En tant que juriste de formation la notion me renvoie à celle d’auteur d’infraction. Est auteur celui qui pose les actes constitutifs de l’infraction, mais aussi celui qui provoque à sa commission (un commanditaire, par exemple) ou apporte une aide indispensable à sa réalisation (le chauffeur d’un hold up). Le complice est celui qui apporte une aide utile, sinon indispensable.
En tant que scientifique, je suis auteur de textes qui sont une manière de communiquer ma pensée, mais avant tout d’organiser et de clarifier celle-ci. Or, il se fait que je suis né en terres francophones et que la langue dans laquelle je pense et m’exprime est le français. Rien de plus banal. Sauf qu’en matière scientifique – même en sciences sociales – l’anglais est une lingua franca. L’utiliser donne accès à des audiences dépassant largement les pays anglophones. Pour parler à des Péruviens, à des Chinois ou à des Danois, il faut maitriser l’anglais.
Cependant, à l’écrit, « se débrouiller » ne suffit pas. Heureusement, quelqu’une m’apporte une aide précieuse. Certes, je peux exprimer ma pensée sans elle, et toucher un public appréciable, mais elle m’est extrêmement utile à l’élargissement de mon audience. Elle m’accompagne depuis l’entame du travail que je mène aujourd’hui ; en 10 ans, elle a donc assisté à la naissance de concepts, à l’expression d’hypothèses, à leur confirmation s’appuyant sur un travail empirique.

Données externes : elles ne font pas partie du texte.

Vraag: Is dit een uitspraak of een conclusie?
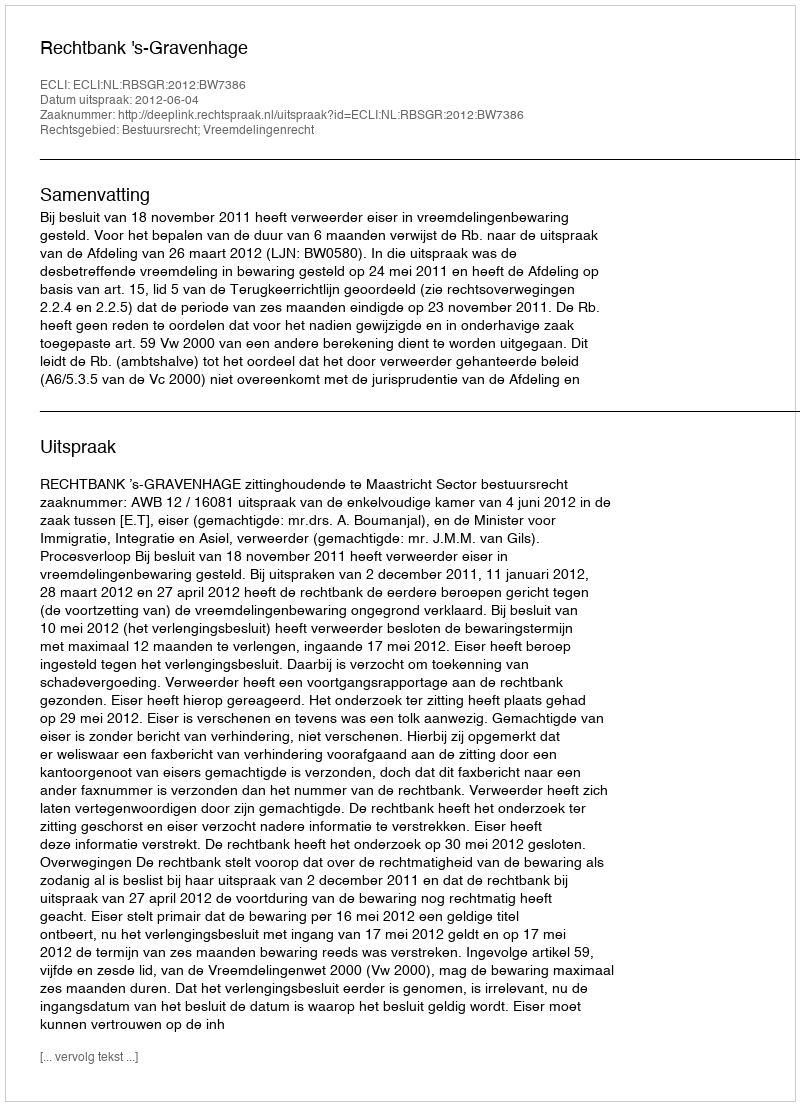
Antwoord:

C’est ainsi qu’en même temps que je travaillais à clarifier (l’expression de) ma pensée en français, elle faisait de même en anglais, parvenant à faire vivre mes réflexions dans une autre langue. Bien que je ne l’aie jamais rencontrée, elle est devenue ma voix (écrite) anglaise. C’est à ce titre qu’elle est ma complice. »
Cindy Vermeulen
Autrice et éditrice.
La traductrice est-elle une autrice ? Je vais parler au féminin universel pour ne pas heurter les personnes qui ne sont pas familières de l’écriture inclusive. Les hommes sont bien évidemment inclus dans la Femme, dès lors que je l’écris avec un grand F.

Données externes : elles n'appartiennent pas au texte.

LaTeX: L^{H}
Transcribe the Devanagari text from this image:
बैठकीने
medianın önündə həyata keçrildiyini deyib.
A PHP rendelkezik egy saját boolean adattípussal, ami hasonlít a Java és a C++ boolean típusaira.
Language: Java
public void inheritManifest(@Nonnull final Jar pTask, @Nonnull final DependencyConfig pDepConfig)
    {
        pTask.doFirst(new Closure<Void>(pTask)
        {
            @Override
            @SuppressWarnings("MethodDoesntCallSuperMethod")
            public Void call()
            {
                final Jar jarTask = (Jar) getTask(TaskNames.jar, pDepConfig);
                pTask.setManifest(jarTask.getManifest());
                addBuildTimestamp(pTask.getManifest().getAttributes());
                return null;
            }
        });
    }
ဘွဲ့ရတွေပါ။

Je me rappelle que notre professeur de latin-grec nous disait toujours quand il nous donnait une version à faire : « traduction = trahison ». On était une vingtaine en classe et pas deux ne traduisaient le texte de la même manière.
Aujourd’hui, quand je lis un texte de la Bible, je compare différentes traductions pour en saisir le sens, car je sais qu’une interprétation est toujours fonction de la sensibilité propre de la personne, du contexte sociétal, du contexte historique.
En tant qu’autrice, j’ai pris conscience que mes mots, même sans être traduits, pouvaient être interprétés d’une façon tout à fait différente de celle que j’imaginais. Mais cette interprétation n’appartient plus à l’autrice, cette interprétation est celle du lecteur, de la lectrice.
Je n’ai encore jamais eu le privilège de voir une de mes œuvres traduites, mais sans aucun doute, la personne qui s’y attellerait devrait faire preuve de création et de créativité pour donner vie à mes mots (et mes maux) dans une autre langue, une langue vivante et donc une langue forgée par son histoire et son évolution sociétale.
La traductrice doit permettre à la lectrice d’appréhender au mieux la pensée de l’autrice. Elle devient ainsi l’autrice d’un texte nouveau. CQFD.
Et vous? Que répondriez-vous à cette question?